**What is expected**
Using the string "rect" as the key, pull each matching line out of the records below.

**Material supplied**
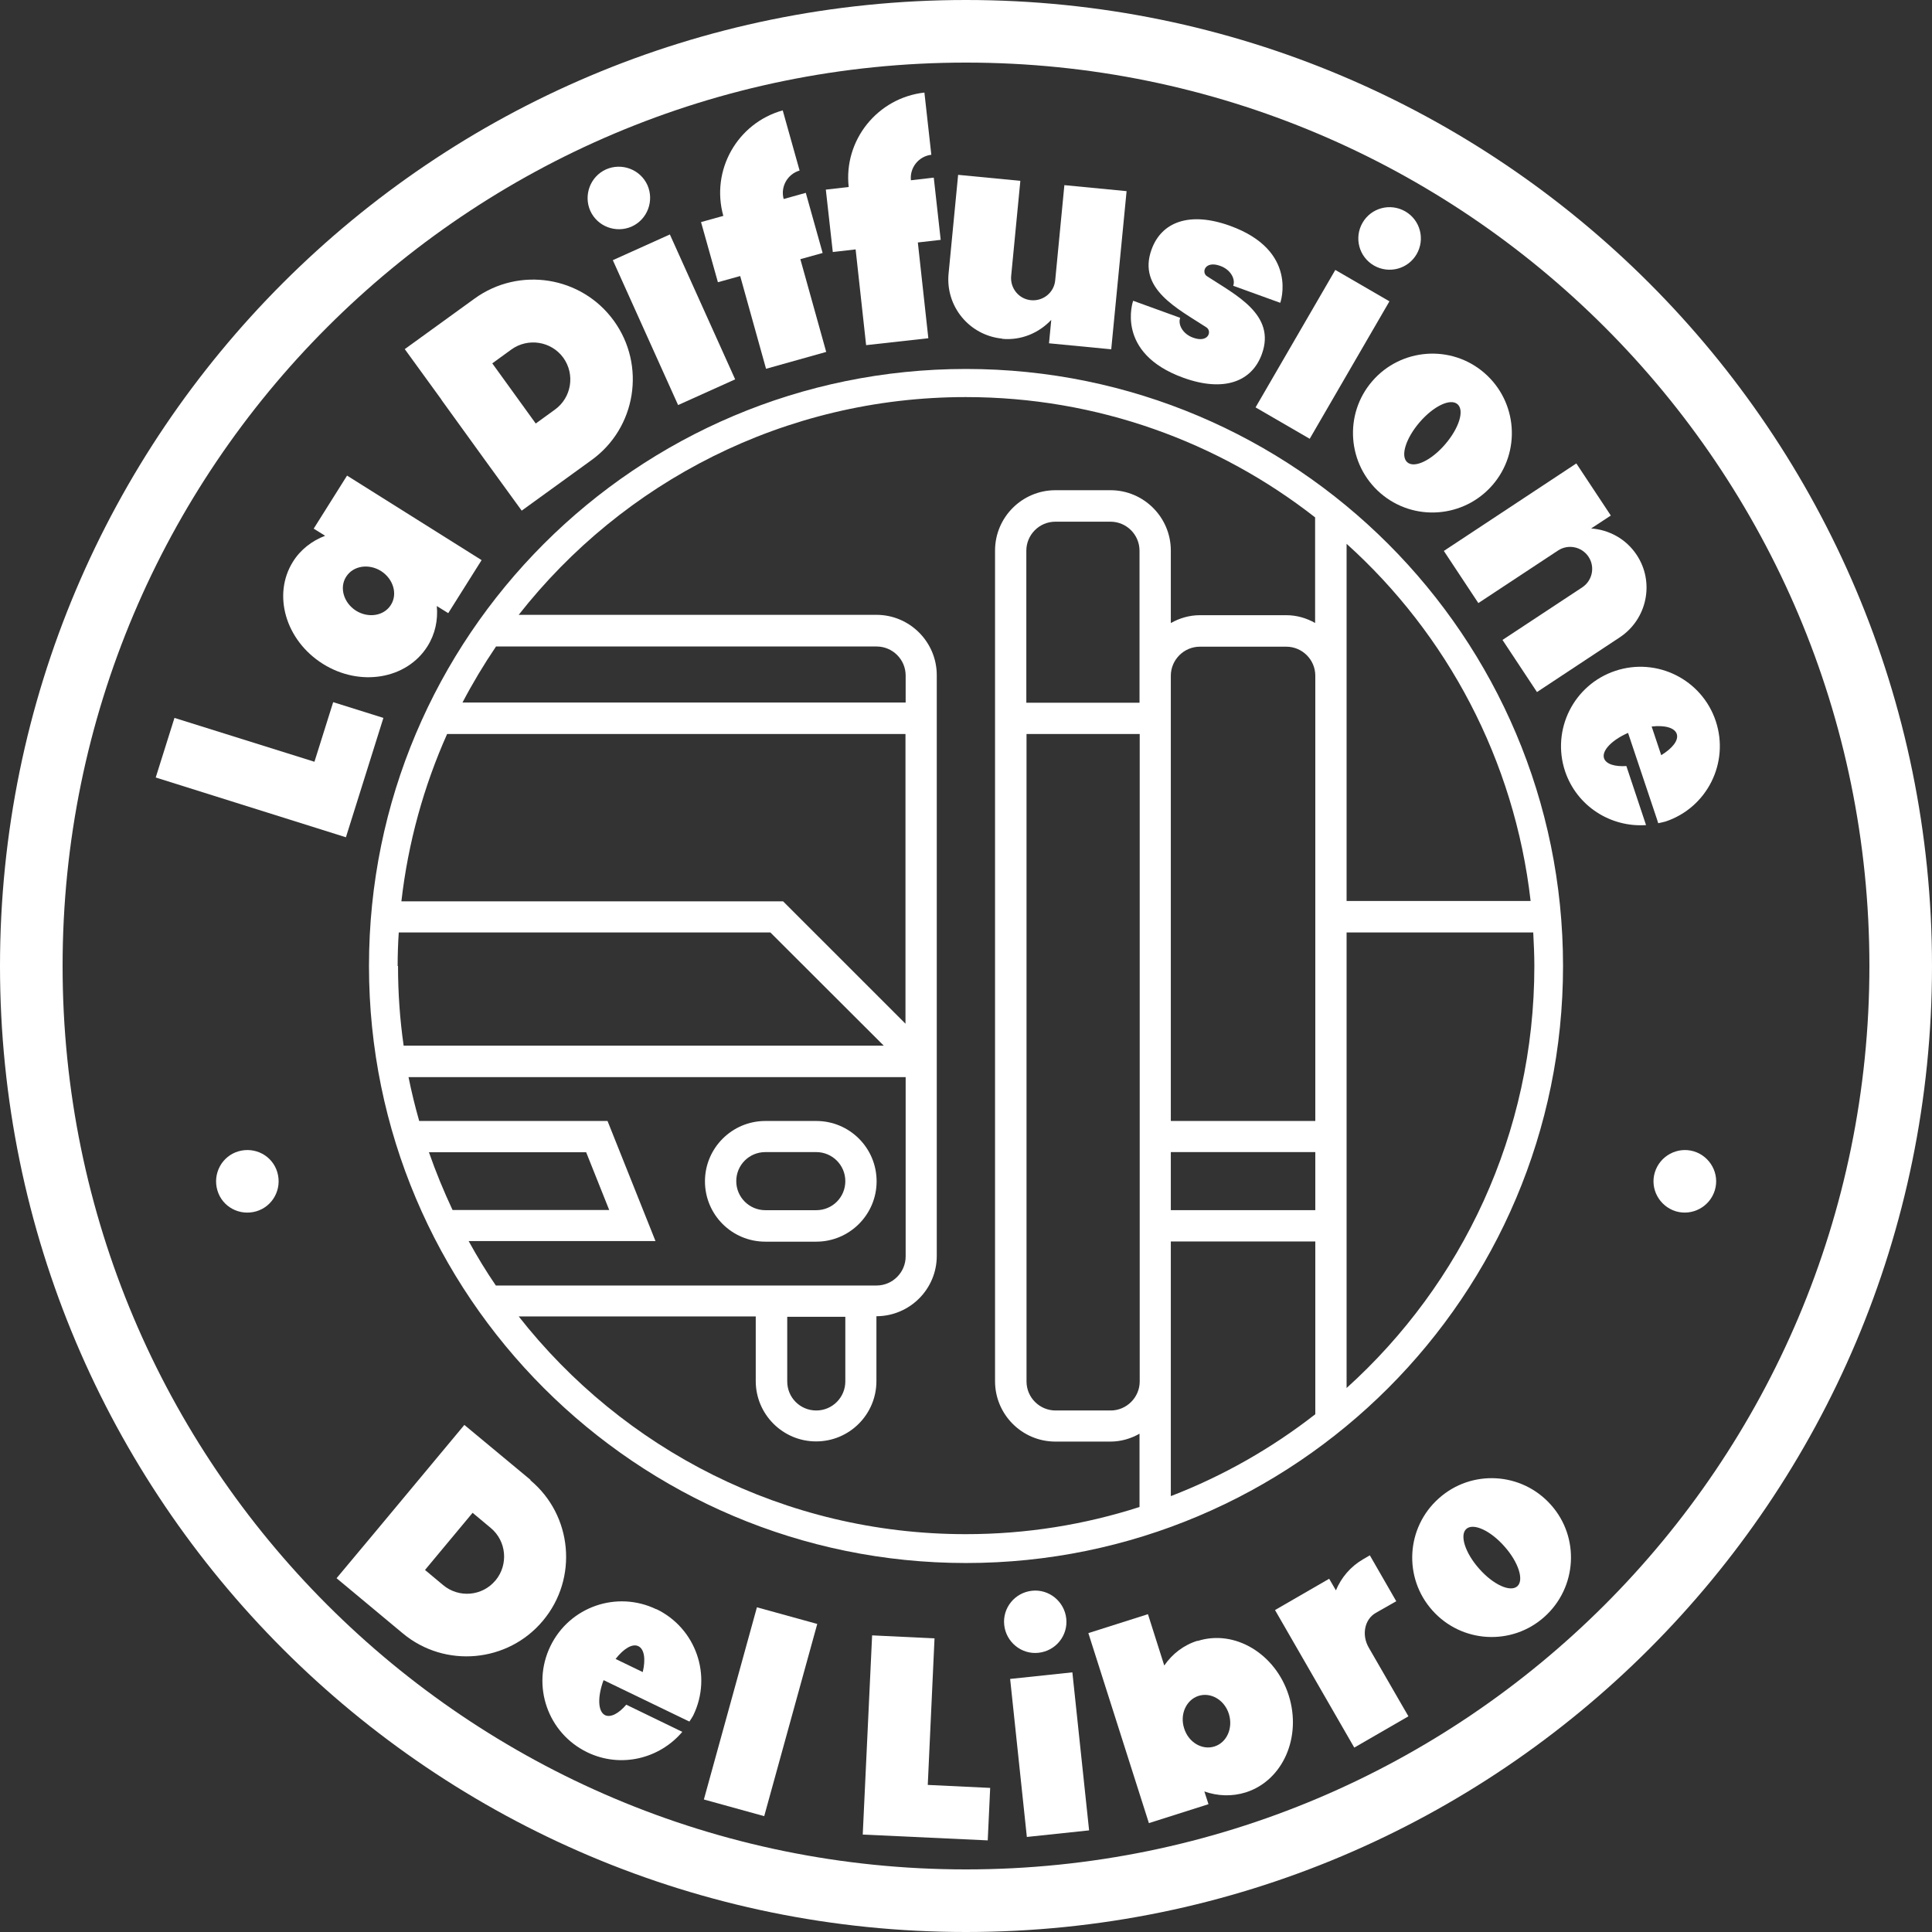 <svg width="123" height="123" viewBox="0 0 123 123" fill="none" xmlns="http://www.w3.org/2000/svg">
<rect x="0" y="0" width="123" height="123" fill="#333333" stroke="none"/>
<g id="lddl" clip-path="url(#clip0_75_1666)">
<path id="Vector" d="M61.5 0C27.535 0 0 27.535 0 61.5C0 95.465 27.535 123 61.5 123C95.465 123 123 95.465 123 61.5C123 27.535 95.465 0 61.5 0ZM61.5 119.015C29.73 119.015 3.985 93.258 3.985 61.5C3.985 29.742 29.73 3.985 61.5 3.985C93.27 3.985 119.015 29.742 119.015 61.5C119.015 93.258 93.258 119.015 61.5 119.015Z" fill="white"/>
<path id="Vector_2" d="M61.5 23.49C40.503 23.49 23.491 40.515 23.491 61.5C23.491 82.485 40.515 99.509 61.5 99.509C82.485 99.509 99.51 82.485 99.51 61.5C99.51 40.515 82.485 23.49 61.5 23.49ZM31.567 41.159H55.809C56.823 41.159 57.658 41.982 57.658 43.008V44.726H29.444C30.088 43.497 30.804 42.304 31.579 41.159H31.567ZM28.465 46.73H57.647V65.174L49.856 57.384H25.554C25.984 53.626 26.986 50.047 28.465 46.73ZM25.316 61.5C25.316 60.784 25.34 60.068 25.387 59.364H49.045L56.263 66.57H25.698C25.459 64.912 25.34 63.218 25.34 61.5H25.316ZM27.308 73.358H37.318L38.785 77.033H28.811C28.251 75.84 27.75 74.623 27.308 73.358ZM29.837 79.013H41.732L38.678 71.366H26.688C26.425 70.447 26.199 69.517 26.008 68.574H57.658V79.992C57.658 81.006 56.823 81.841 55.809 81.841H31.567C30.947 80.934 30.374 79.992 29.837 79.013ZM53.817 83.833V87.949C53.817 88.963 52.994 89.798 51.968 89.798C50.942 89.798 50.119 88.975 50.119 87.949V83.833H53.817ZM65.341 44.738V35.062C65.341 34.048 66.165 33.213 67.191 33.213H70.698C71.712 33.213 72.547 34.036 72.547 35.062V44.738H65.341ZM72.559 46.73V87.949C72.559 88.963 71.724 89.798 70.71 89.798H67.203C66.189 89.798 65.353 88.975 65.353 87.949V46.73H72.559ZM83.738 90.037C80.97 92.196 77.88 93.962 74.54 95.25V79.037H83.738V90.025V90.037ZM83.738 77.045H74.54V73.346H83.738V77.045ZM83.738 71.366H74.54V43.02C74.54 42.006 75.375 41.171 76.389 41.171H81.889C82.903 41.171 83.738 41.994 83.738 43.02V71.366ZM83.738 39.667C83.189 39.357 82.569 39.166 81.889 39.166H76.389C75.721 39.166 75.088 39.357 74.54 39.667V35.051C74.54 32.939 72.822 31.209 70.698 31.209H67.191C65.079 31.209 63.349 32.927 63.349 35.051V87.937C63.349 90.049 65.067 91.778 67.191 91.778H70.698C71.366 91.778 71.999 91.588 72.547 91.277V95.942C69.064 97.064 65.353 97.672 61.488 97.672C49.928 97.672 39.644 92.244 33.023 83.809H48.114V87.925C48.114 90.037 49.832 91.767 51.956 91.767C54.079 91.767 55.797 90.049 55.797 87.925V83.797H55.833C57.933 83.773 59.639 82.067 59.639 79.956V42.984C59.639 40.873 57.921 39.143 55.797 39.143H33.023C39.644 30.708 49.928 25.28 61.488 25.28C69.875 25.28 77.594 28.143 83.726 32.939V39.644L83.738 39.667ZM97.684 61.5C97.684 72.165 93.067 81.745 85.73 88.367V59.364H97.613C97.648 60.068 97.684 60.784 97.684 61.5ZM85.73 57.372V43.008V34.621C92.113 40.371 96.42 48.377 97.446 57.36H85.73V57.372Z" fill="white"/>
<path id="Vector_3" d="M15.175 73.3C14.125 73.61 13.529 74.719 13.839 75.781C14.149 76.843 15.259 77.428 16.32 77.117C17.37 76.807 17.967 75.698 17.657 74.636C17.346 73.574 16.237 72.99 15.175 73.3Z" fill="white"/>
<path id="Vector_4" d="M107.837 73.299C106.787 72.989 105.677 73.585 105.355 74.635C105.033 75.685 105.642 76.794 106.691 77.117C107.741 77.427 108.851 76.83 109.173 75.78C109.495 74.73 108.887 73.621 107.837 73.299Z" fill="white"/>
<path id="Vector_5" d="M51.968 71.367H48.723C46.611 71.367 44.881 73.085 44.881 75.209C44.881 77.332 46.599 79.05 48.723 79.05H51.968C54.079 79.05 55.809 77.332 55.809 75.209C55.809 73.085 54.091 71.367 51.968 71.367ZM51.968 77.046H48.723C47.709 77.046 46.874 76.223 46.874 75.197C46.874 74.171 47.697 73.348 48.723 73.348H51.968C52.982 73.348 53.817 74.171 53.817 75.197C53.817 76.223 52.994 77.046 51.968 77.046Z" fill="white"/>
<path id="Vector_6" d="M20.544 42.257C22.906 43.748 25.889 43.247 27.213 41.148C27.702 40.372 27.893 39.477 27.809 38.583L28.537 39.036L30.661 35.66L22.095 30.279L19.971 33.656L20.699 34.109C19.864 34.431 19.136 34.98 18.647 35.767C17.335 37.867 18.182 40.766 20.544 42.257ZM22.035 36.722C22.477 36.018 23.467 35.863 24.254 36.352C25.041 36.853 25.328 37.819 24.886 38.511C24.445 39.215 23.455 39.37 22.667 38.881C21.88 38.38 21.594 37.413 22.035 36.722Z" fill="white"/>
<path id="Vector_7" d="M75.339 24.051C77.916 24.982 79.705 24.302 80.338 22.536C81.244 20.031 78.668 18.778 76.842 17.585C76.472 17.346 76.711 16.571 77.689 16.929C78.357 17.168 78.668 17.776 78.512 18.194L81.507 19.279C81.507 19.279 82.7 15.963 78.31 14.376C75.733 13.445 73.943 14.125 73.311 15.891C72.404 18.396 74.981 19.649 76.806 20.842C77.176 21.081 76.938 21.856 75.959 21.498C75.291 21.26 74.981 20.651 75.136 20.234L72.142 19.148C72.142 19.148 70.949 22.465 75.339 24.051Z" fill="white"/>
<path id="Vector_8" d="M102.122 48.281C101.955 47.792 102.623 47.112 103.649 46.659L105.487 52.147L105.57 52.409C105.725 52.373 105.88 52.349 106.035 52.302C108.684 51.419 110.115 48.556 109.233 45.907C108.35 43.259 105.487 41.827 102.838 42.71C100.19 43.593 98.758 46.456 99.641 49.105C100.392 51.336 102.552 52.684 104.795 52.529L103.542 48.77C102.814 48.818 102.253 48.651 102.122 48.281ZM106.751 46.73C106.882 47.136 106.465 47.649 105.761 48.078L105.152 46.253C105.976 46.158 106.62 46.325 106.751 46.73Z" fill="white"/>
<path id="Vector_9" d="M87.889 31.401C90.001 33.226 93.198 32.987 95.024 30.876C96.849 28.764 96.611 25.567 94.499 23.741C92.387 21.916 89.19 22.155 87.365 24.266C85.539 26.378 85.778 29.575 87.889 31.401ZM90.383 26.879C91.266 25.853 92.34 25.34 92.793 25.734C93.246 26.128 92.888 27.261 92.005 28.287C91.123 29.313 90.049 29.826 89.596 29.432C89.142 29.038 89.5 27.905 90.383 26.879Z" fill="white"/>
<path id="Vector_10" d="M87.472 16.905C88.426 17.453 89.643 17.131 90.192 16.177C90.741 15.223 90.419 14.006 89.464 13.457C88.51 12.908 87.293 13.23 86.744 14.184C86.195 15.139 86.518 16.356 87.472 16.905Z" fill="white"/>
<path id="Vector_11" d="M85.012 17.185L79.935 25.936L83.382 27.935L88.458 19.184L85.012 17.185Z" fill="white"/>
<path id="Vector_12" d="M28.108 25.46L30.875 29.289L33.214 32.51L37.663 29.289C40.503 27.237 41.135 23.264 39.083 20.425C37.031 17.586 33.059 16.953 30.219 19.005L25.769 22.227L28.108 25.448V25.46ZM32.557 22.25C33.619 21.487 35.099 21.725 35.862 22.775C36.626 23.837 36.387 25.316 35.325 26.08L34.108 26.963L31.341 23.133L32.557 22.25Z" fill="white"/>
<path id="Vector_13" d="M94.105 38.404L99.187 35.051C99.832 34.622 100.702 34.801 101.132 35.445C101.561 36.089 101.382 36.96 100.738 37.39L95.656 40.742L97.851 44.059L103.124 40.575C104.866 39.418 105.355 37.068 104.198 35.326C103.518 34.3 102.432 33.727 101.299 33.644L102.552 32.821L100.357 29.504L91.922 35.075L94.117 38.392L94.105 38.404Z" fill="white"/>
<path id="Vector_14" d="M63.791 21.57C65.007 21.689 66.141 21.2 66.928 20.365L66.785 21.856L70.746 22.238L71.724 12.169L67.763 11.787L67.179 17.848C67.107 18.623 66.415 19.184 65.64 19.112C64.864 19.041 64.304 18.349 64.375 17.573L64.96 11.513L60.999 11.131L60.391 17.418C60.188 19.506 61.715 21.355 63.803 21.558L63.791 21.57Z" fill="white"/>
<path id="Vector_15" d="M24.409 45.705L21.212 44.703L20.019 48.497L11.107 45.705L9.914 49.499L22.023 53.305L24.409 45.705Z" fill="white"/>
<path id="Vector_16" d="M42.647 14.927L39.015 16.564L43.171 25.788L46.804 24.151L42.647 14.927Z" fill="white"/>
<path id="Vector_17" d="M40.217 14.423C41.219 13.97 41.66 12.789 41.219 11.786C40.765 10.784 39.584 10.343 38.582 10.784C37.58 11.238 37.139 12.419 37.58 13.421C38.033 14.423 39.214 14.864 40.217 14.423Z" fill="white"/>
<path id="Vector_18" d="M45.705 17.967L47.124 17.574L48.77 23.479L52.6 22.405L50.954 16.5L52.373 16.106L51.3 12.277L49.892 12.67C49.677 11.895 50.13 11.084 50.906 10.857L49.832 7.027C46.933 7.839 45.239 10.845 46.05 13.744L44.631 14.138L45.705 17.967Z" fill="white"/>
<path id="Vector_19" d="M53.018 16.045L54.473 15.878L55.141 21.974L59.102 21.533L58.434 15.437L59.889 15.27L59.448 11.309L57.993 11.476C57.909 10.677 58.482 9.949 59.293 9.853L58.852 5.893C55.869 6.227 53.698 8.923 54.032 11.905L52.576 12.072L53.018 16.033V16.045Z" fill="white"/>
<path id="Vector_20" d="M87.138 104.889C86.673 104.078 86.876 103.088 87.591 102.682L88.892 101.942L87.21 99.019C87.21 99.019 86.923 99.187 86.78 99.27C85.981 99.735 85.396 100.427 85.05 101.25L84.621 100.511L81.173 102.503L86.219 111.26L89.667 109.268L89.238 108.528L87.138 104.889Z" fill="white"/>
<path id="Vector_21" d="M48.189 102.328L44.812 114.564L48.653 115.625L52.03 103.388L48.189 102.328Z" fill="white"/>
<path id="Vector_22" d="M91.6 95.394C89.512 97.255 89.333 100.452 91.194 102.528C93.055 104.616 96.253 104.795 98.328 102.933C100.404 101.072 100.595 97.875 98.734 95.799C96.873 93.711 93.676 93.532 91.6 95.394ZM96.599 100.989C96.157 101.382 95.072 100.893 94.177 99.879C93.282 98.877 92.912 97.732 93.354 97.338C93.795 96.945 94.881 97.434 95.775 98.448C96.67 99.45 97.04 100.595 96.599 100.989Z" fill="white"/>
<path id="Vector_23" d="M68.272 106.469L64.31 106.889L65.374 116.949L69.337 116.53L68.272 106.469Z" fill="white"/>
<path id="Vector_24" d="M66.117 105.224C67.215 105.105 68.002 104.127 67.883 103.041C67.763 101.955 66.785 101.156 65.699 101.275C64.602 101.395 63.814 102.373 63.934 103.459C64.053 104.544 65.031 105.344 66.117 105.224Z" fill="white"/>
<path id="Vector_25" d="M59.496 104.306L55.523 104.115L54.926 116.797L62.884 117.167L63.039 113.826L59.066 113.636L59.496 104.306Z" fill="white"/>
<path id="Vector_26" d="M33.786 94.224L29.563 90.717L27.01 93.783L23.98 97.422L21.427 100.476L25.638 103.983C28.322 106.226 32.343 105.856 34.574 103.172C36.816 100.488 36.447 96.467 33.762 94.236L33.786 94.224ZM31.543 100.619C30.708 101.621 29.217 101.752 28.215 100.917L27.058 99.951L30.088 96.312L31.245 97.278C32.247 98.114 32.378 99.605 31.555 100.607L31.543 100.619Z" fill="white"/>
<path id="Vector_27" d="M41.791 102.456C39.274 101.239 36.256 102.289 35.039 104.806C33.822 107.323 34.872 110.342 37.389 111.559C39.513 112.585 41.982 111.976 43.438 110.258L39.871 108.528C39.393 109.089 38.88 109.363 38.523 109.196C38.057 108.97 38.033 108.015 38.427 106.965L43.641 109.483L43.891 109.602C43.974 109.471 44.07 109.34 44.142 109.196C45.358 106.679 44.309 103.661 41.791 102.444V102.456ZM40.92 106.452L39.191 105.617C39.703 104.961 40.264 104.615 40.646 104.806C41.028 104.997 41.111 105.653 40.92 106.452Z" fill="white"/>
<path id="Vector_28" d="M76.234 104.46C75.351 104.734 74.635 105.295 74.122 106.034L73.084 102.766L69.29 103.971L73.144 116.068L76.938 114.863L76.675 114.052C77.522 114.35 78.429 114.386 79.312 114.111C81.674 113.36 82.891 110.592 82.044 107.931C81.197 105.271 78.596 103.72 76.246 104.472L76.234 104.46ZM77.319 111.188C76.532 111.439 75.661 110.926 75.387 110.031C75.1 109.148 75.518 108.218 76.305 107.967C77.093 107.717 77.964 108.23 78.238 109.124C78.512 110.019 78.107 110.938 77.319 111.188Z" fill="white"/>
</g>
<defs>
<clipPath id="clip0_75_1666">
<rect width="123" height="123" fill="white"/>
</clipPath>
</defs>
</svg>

**Your response**
<rect x="0" y="0" width="123" height="123" fill="#333333" stroke="none"/>
<rect width="123" height="123" fill="white"/>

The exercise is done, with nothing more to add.